╭─ Material for this exercise

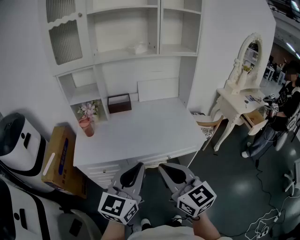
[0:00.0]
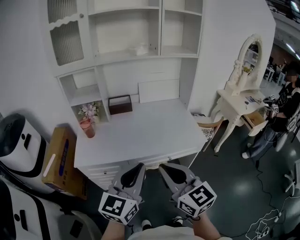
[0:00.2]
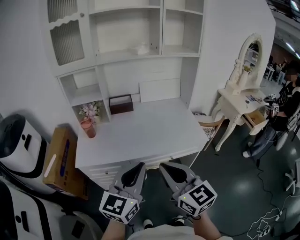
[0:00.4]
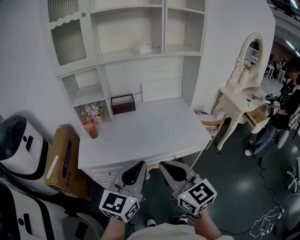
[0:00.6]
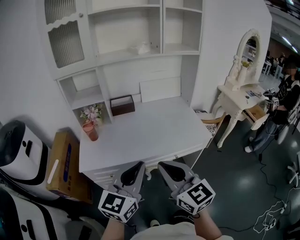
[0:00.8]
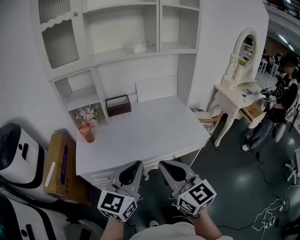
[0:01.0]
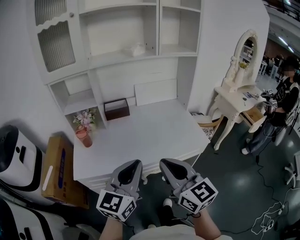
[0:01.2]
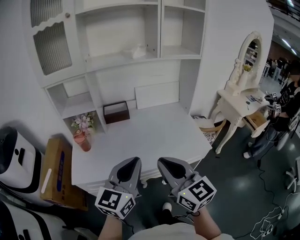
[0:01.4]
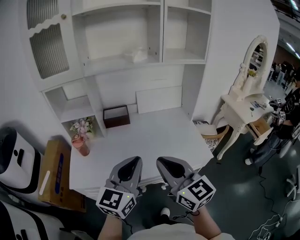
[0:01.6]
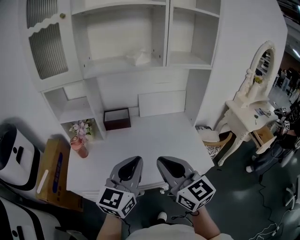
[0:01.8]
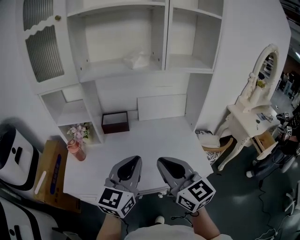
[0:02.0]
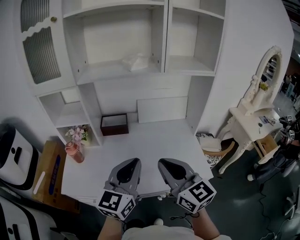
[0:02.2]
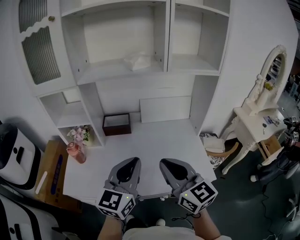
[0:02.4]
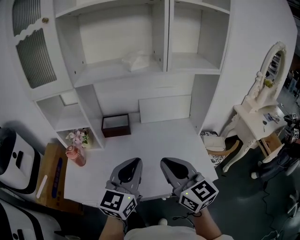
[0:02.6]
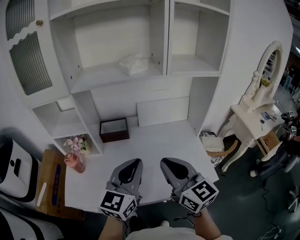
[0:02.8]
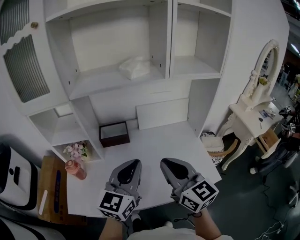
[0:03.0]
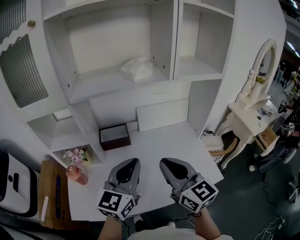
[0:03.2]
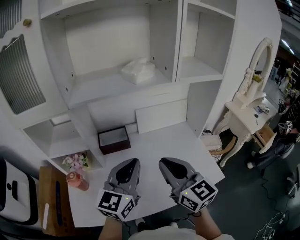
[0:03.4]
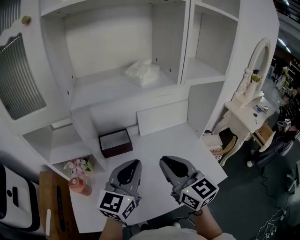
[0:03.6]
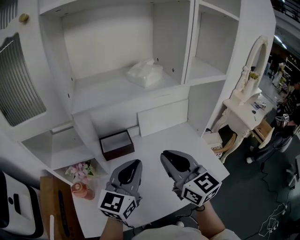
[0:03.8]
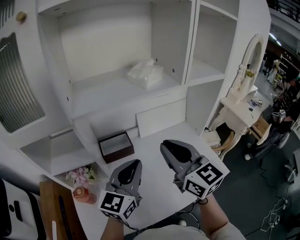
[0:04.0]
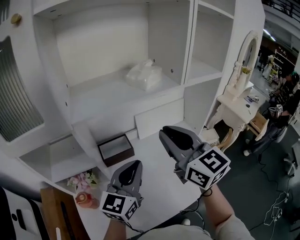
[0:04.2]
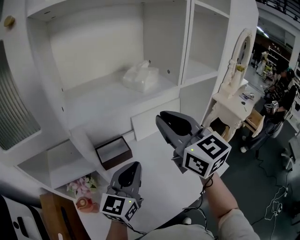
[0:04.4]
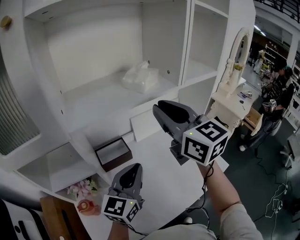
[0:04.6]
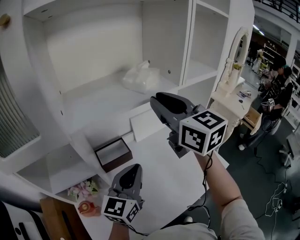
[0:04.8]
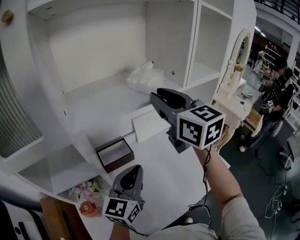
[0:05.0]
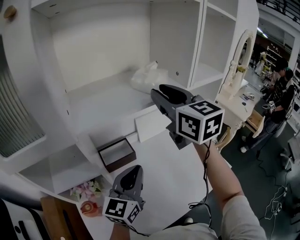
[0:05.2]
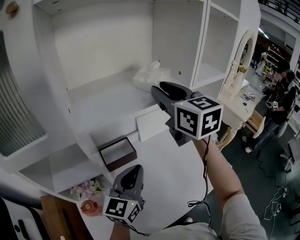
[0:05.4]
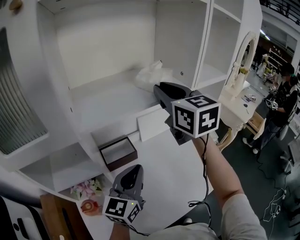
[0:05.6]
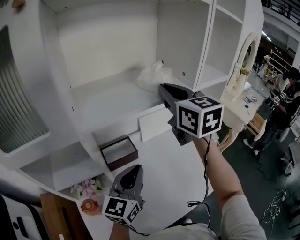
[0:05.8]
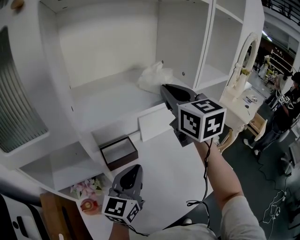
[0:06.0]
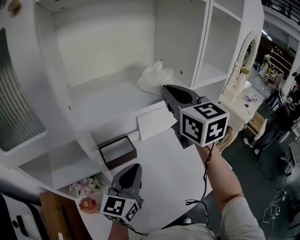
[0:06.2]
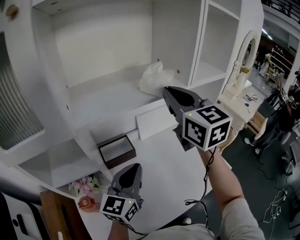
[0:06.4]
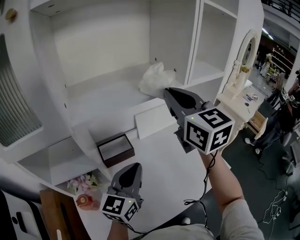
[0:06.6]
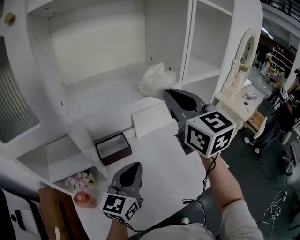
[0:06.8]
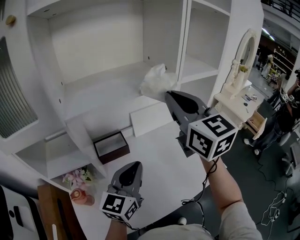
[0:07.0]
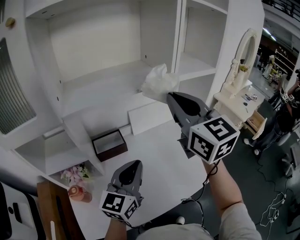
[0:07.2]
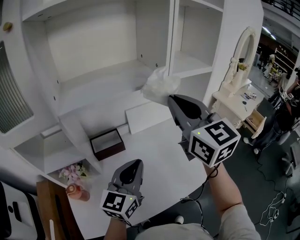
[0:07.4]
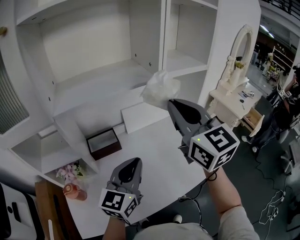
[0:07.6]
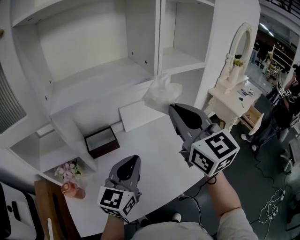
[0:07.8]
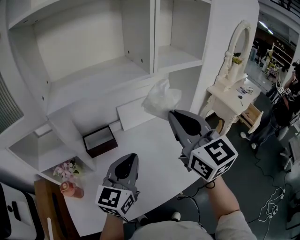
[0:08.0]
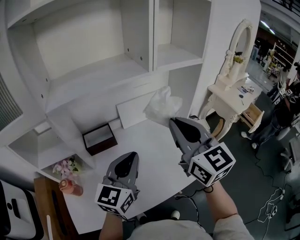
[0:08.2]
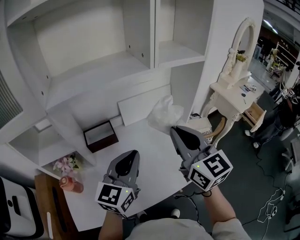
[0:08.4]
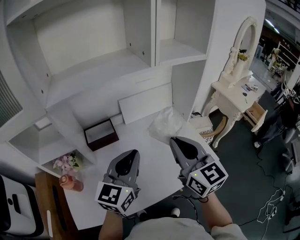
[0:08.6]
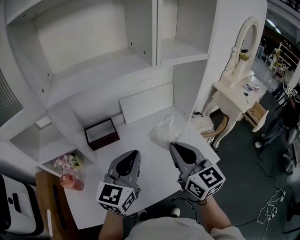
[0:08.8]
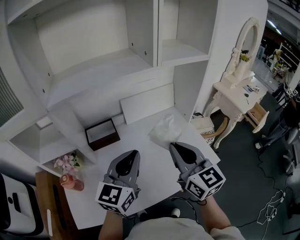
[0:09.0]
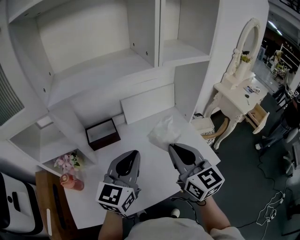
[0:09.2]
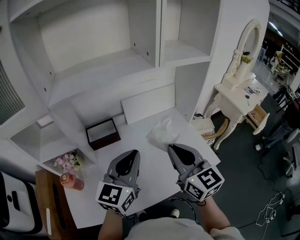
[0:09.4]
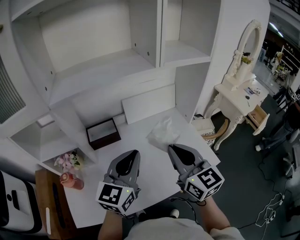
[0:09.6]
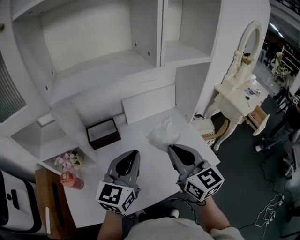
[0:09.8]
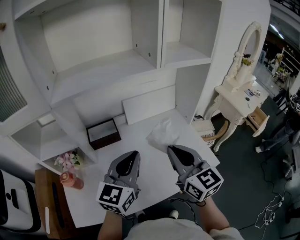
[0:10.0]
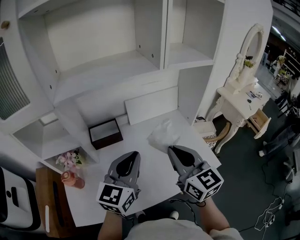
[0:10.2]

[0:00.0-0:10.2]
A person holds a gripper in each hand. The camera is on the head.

╰─

Your assignment >>
Give back the material word for word and drop the pictures it holds.

Exercise solution >>
[0:00.0]
[0:00.2]
[0:00.4]
[0:00.6]
[0:00.8]
[0:01.0]
[0:01.2]
[0:01.4]
[0:01.6]
[0:01.8]
[0:02.0]
[0:02.2]
[0:02.4]
[0:02.6]
[0:02.8]
[0:03.0]
[0:03.2]
[0:03.4]
[0:03.6]
[0:03.8]
[0:04.0]
[0:04.2]
[0:04.4]
[0:04.6]
[0:04.8]
[0:05.0]
[0:05.2]
[0:05.4]
[0:05.6]
[0:05.8]
[0:06.0]
[0:06.2]
[0:06.4]
[0:06.6]
[0:06.8]
[0:07.0]
[0:07.2]
[0:07.4]
[0:07.6]
[0:07.8]
[0:08.0]
[0:08.2]
[0:08.4]
[0:08.6]
[0:08.8]
[0:09.0]
[0:09.2]
[0:09.4]
[0:09.6]
[0:09.8]
[0:10.0]
[0:10.2]

[0:00.0-0:10.2]
A person holds a gripper in each hand. The camera is on the head.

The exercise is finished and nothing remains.